Print the entries underneath word for word, omitting whatever pictures they contain.
═════ Data section ═════
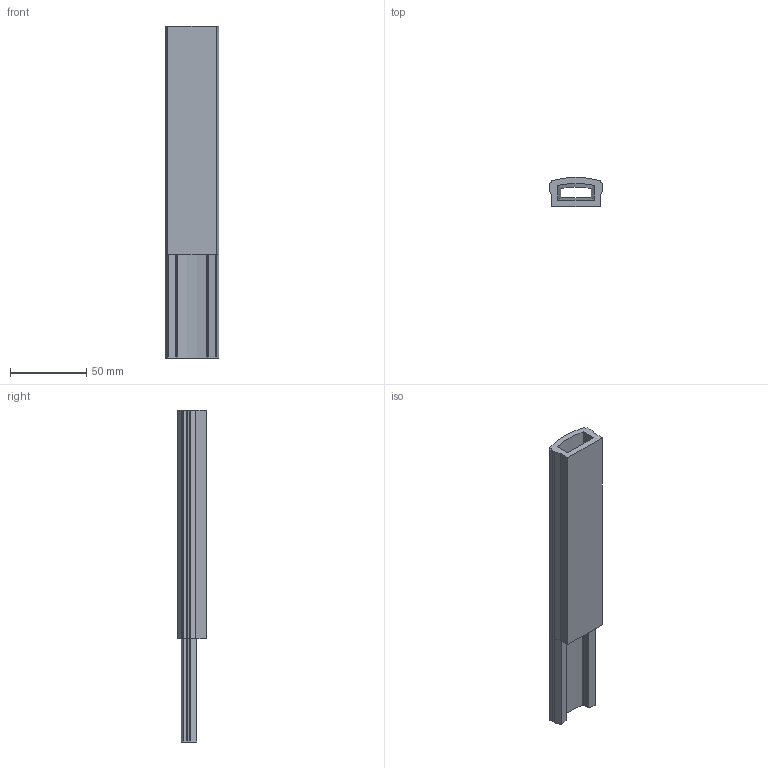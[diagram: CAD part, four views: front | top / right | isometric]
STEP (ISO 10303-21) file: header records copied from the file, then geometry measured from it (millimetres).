
FILE_DESCRIPTION (( 'STEP AP214' ), '1' );
FILE_NAME ('assem.STEP', '2019-01-07T17:27:36', ( '' ), ( '' ), 'SwSTEP 2.0', 'SolidWorks 2018', '' );
FILE_SCHEMA (( 'AUTOMOTIVE_DESIGN' ));
Length unit declared in the file: millimetre
Products named in the file (3): assem; stator d_Varsay考an; stator i輅_Varsay考an
Assembly tree (2 placements, depth 2):
  assem
    stator d_Varsay考an
    stator i輅_Varsay考an
Bounding box: 35.28 x 19 x 217.5 mm (x, y, z)
Volume: 72218.7 mm3; surface area: 32108.8 mm2
Topology: 2 solids, 2 shells, 66 faces, 186 edges, 124 vertices
Faces by surface type: plane 35, cylinder 30, cone 1
Entity records: 2268 total; most frequent: DIRECTION 388, CARTESIAN_POINT 387, ORIENTED_EDGE 372, EDGE_CURVE 186, AXIS2_PLACEMENT_3D 133, VERTEX_POINT 124, VECTOR 122, LINE 122
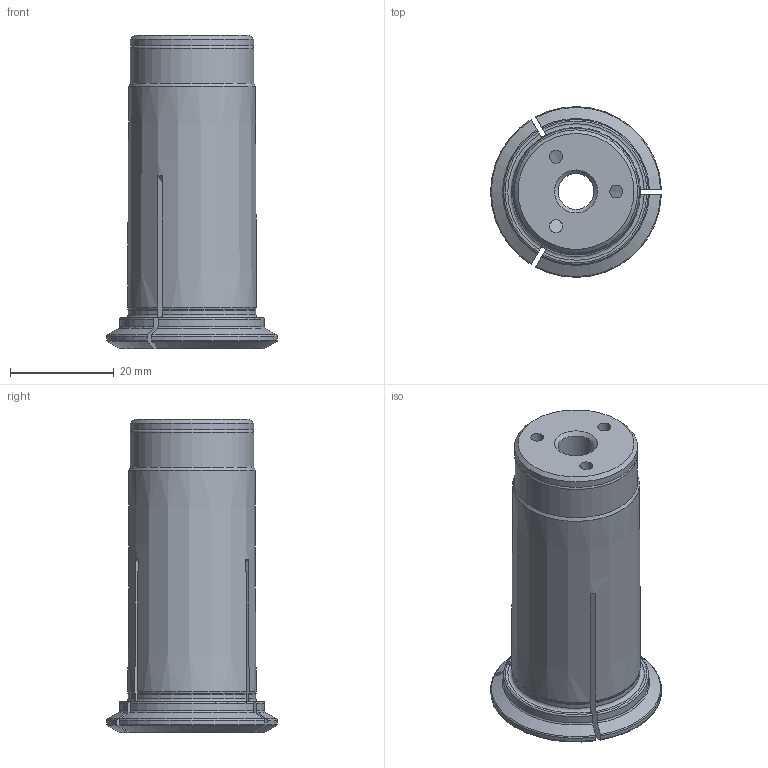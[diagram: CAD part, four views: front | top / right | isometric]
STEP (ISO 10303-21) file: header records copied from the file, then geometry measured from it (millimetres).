
FILE_DESCRIPTION(/* description */ (''),/* implementation_level */ '2;1');
FILE_NAME(/* name */ '172507941.stp',/* time_stamp */ '2021-01-08T12:18:35',/* author */ ('LRA'),/* organization */ ('REGO-FIX'),/* preprocessor_version */ ' Unknown',/* originating_system */ 'SIEMENS PLM Software Solid Edge ST10',/* authorization */ 'Unknown');
FILE_SCHEMA (('AUTOMOTIVE_DESIGN { 1 0 10303 214 2 1 1}'));
Length unit declared in the file: millimetre
Products named in the file (1): NOCUT
Bounding box: 32.99 x 33 x 60.5 mm (x, y, z)
Volume: 33.4 mm3; surface area: 10571.7 mm2
Topology: 1 solids, 2 shells, 87 faces, 238 edges, 155 vertices
Faces by surface type: cylinder 24, plane 23, torus 22, cone 18
Full cylindrical faces by diameter (mm): 2.5 x3, 6.917 x1, 7.2 x1, 7.938 x1, 8.2 x1, 9 x1, 12 x1, 20.4 x1, 20.917 x2, 22.2 x1, 23.8 x2
Entity records: 3279 total; most frequent: CARTESIAN_POINT 533, DIRECTION 459, ORIENTED_EDGE 400, EDGE_CURVE 200, AXIS2_PLACEMENT_3D 198, VERTEX_POINT 146, EDGE_LOOP 132, FACE_BOUND 132
═════
Response to this task —
[diagram: CAD part, four views: front | top / right | isometric]
STEP (ISO 10303-21) file: header records copied from the file, then geometry measured from it (millimetres).
FILE_DESCRIPTION (( 'STEP AP214' ), '1' );
FILE_NAME ('assem.STEP', '2019-01-07T17:27:36', ( '' ), ( '' ), 'SwSTEP 2.0', 'SolidWorks 2018', '' );
FILE_SCHEMA (( 'AUTOMOTIVE_DESIGN' ));
Length unit declared in the file: millimetre
Products named in the file (3): assem; stator d_Varsay考an; stator i輅_Varsay考an
Assembly tree (2 placements, depth 2):
  assem
    stator d_Varsay考an
    stator i輅_Varsay考an
Bounding box: 35.28 x 19 x 217.5 mm (x, y, z)
Volume: 72218.7 mm3; surface area: 32108.8 mm2
Topology: 2 solids, 2 shells, 66 faces, 186 edges, 124 vertices
Faces by surface type: plane 35, cylinder 30, cone 1
Entity records: 2268 total; most frequent: DIRECTION 388, CARTESIAN_POINT 387, ORIENTED_EDGE 372, EDGE_CURVE 186, AXIS2_PLACEMENT_3D 133, VERTEX_POINT 124, VECTOR 122, LINE 122
[diagram: CAD part, four views: front | top / right | isometric]
STEP (ISO 10303-21) file: header records copied from the file, then geometry measured from it (millimetres).
FILE_DESCRIPTION(/* description */ (''),/* implementation_level */ '2;1');
FILE_NAME(/* name */ '172507941.stp',/* time_stamp */ '2021-01-08T12:18:35',/* author */ ('LRA'),/* organization */ ('REGO-FIX'),/* preprocessor_version */ ' Unknown',/* originating_system */ 'SIEMENS PLM Software Solid Edge ST10',/* authorization */ 'Unknown');
FILE_SCHEMA (('AUTOMOTIVE_DESIGN { 1 0 10303 214 2 1 1}'));
Length unit declared in the file: millimetre
Products named in the file (1): NOCUT
Bounding box: 32.99 x 33 x 60.5 mm (x, y, z)
Volume: 33.4 mm3; surface area: 10571.7 mm2
Topology: 1 solids, 2 shells, 87 faces, 238 edges, 155 vertices
Faces by surface type: cylinder 24, plane 23, torus 22, cone 18
Full cylindrical faces by diameter (mm): 2.5 x3, 6.917 x1, 7.2 x1, 7.938 x1, 8.2 x1, 9 x1, 12 x1, 20.4 x1, 20.917 x2, 22.2 x1, 23.8 x2
Entity records: 3279 total; most frequent: CARTESIAN_POINT 533, DIRECTION 459, ORIENTED_EDGE 400, EDGE_CURVE 200, AXIS2_PLACEMENT_3D 198, VERTEX_POINT 146, EDGE_LOOP 132, FACE_BOUND 132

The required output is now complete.